A high proportion of the women (96%) reported that they performed repetitive hand movements and 86% reported that they had the same work tasks every day at the work-place where they got the vibration injury.
A high percentage reported current problems with household chores and leisure activities. Eighty-three per cent reported difficulties in carrying grocery bags, 80% that they were not able to cope with needlework and 70% had difficulties in handling small objects. Sleep interference was reported by 67% and one-third of the women stated that the injury had affected their relations with their family. The complaints were more frequent in the older age groups.
Twenty-nine per cent of the women were current smokers and 39% ex-smokers. The current prevalence of all symptoms, except vascular symptoms, was significantly higher among current smokers compared to non-smokers. As an example, 45% of women suffering from tremor in the hands were current smokers, while among women not suffering from tremor the smokers represented 17%.
The current vibration exposure differed between the occupational groups. Two-thirds of the women, principally unskilled workers, had stopped using vibrating tools in their work and had, at the time of the survey, other work tasks than they had when they reported the vibration injury. Among dentists and dental hygienists, on the other hand, 83 and 78% respectively, still worked with vibrating tools. Two-thirds of them worked part time.
Nearly half of those who had taken a new job (45%) had done so because of the vibration injury.
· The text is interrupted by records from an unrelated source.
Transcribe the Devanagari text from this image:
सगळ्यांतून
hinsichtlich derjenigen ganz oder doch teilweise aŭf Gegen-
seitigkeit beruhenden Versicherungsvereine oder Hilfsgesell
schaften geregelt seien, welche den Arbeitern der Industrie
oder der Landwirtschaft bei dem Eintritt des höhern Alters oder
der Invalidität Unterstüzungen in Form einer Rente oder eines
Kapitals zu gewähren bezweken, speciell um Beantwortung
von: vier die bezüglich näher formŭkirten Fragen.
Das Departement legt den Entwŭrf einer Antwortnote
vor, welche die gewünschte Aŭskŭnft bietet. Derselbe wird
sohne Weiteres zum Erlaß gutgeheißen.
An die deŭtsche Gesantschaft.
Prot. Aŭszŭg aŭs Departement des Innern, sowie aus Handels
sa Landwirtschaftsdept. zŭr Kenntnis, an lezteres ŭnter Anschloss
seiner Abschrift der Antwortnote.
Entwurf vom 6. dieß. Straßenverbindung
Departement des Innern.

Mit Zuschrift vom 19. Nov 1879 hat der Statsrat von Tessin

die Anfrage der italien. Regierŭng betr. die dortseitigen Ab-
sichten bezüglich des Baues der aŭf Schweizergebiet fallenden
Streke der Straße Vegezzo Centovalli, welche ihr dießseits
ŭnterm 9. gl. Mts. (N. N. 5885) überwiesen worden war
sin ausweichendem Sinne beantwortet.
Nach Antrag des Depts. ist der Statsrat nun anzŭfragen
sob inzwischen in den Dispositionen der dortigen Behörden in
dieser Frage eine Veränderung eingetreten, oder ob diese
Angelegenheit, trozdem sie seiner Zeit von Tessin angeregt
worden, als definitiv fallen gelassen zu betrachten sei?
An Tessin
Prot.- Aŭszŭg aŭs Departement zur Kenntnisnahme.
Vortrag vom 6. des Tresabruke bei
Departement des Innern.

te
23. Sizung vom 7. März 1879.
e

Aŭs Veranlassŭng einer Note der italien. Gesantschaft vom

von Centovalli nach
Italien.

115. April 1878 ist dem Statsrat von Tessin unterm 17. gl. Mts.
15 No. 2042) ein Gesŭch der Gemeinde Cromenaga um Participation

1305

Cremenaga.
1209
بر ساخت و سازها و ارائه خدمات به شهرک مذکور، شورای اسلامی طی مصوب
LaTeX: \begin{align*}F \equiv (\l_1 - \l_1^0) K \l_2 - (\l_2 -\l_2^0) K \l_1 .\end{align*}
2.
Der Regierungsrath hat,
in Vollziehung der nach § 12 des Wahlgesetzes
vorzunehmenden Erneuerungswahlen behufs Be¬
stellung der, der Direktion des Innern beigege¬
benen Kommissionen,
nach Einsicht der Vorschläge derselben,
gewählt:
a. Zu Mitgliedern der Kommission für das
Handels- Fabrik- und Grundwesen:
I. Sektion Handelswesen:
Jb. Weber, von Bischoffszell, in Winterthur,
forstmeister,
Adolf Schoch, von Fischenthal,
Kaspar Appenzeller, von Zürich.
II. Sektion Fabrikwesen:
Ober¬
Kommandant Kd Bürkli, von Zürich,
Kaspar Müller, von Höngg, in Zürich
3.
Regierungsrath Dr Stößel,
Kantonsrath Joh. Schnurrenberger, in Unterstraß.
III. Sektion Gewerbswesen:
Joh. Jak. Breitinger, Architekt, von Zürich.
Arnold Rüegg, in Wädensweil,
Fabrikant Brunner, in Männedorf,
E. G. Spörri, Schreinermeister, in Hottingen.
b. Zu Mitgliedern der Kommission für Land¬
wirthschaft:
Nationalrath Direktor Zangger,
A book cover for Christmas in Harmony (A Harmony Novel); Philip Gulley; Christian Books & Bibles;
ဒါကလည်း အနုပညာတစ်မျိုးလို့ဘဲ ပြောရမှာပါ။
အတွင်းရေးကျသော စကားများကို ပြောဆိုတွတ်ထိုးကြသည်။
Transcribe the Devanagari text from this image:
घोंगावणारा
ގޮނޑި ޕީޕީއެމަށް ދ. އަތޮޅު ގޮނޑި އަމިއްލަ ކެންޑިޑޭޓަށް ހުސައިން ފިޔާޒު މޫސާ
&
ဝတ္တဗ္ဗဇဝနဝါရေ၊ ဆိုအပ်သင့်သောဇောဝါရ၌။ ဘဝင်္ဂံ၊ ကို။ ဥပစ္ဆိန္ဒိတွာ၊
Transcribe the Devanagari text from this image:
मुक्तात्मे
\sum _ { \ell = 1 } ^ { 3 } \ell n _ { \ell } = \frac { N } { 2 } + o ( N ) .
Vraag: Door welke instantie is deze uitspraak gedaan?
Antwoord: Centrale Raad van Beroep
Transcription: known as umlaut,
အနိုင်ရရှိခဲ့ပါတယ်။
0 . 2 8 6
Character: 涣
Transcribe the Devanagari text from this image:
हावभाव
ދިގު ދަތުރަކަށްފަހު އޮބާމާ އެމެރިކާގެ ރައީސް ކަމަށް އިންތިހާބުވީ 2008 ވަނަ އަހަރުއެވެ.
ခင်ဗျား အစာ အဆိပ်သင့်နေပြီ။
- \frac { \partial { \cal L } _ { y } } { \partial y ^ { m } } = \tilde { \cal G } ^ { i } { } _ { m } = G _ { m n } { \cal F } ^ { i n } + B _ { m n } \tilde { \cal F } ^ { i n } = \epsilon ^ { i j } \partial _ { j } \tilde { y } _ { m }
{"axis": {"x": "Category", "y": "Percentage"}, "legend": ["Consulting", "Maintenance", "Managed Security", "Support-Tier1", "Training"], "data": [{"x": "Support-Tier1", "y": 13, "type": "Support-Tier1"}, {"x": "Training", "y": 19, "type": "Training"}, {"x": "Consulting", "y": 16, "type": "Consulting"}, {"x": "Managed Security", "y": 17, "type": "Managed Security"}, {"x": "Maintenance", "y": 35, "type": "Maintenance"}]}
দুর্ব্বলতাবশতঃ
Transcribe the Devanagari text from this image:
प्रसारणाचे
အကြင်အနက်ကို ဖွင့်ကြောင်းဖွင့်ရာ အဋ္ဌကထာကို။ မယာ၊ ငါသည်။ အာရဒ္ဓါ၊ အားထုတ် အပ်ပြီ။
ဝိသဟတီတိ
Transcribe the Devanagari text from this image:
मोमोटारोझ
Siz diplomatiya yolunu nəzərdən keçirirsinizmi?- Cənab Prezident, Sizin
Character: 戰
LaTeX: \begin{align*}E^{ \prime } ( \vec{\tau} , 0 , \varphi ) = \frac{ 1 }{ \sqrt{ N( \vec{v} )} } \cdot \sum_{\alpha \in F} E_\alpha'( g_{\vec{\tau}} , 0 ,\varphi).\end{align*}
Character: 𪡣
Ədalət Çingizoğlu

Eighteen per cent of the women had retrained due to the injury and 22% were retired; 58% of the women were still active in working life.
Among the women suffering from vascular symptoms when they reported the injury and who were no longer exposed to handarm vibration, 2% reported total relief, 48% reported improvement, while 32 and 18%, respectively, reported no improvement or impairment. The degree of improvement was related to age when reporting the injury and when answering the questionnaire, but was not related to the time passed since vibration exposure stopped, or to accumulated vibration exposure (Table 5).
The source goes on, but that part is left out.